--- YOUR GOAL ---
Could you restate all of the records exactly, leaving out the pictures?

--- DATA TO PROCESS ---
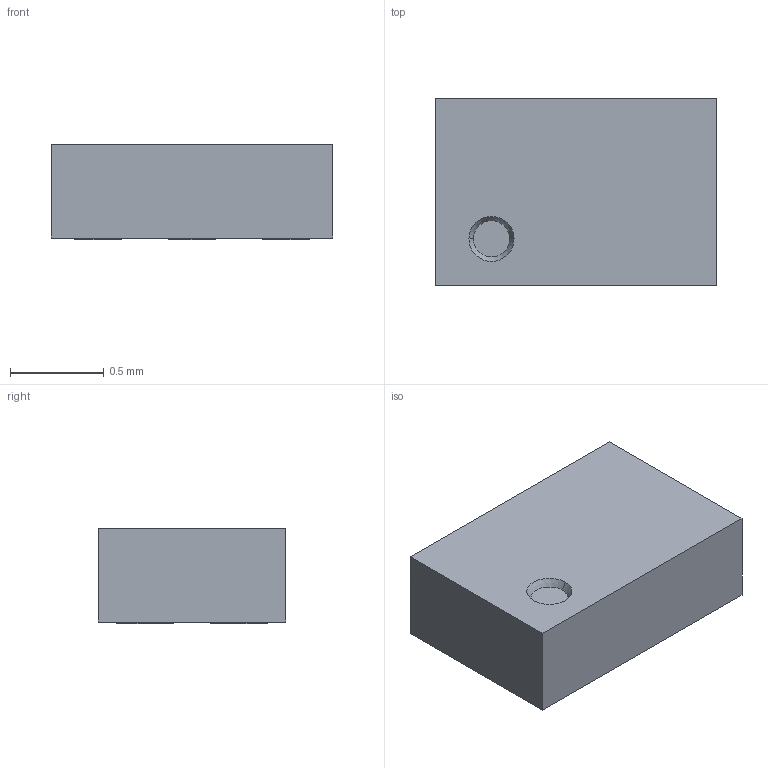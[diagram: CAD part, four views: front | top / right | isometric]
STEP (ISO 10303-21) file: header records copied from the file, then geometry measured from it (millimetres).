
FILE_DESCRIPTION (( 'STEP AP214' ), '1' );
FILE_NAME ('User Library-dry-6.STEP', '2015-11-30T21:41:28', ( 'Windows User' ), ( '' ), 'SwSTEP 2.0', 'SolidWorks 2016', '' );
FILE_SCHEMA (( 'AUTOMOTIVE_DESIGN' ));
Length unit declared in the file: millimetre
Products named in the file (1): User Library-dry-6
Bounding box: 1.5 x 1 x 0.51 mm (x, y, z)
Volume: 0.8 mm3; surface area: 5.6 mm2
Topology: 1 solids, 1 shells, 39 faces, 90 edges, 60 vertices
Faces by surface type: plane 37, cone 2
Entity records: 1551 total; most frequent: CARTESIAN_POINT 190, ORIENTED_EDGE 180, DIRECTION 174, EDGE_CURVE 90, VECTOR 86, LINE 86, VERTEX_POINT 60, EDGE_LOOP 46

--- RESPONSE TO THE TASK ---
[diagram: CAD part, four views: front | top / right | isometric]
STEP (ISO 10303-21) file: header records copied from the file, then geometry measured from it (millimetres).
FILE_DESCRIPTION (( 'STEP AP214' ), '1' );
FILE_NAME ('User Library-dry-6.STEP', '2015-11-30T21:41:28', ( 'Windows User' ), ( '' ), 'SwSTEP 2.0', 'SolidWorks 2016', '' );
FILE_SCHEMA (( 'AUTOMOTIVE_DESIGN' ));
Length unit declared in the file: millimetre
Products named in the file (1): User Library-dry-6
Bounding box: 1.5 x 1 x 0.51 mm (x, y, z)
Volume: 0.8 mm3; surface area: 5.6 mm2
Topology: 1 solids, 1 shells, 39 faces, 90 edges, 60 vertices
Faces by surface type: plane 37, cone 2
Entity records: 1551 total; most frequent: CARTESIAN_POINT 190, ORIENTED_EDGE 180, DIRECTION 174, EDGE_CURVE 90, VECTOR 86, LINE 86, VERTEX_POINT 60, EDGE_LOOP 46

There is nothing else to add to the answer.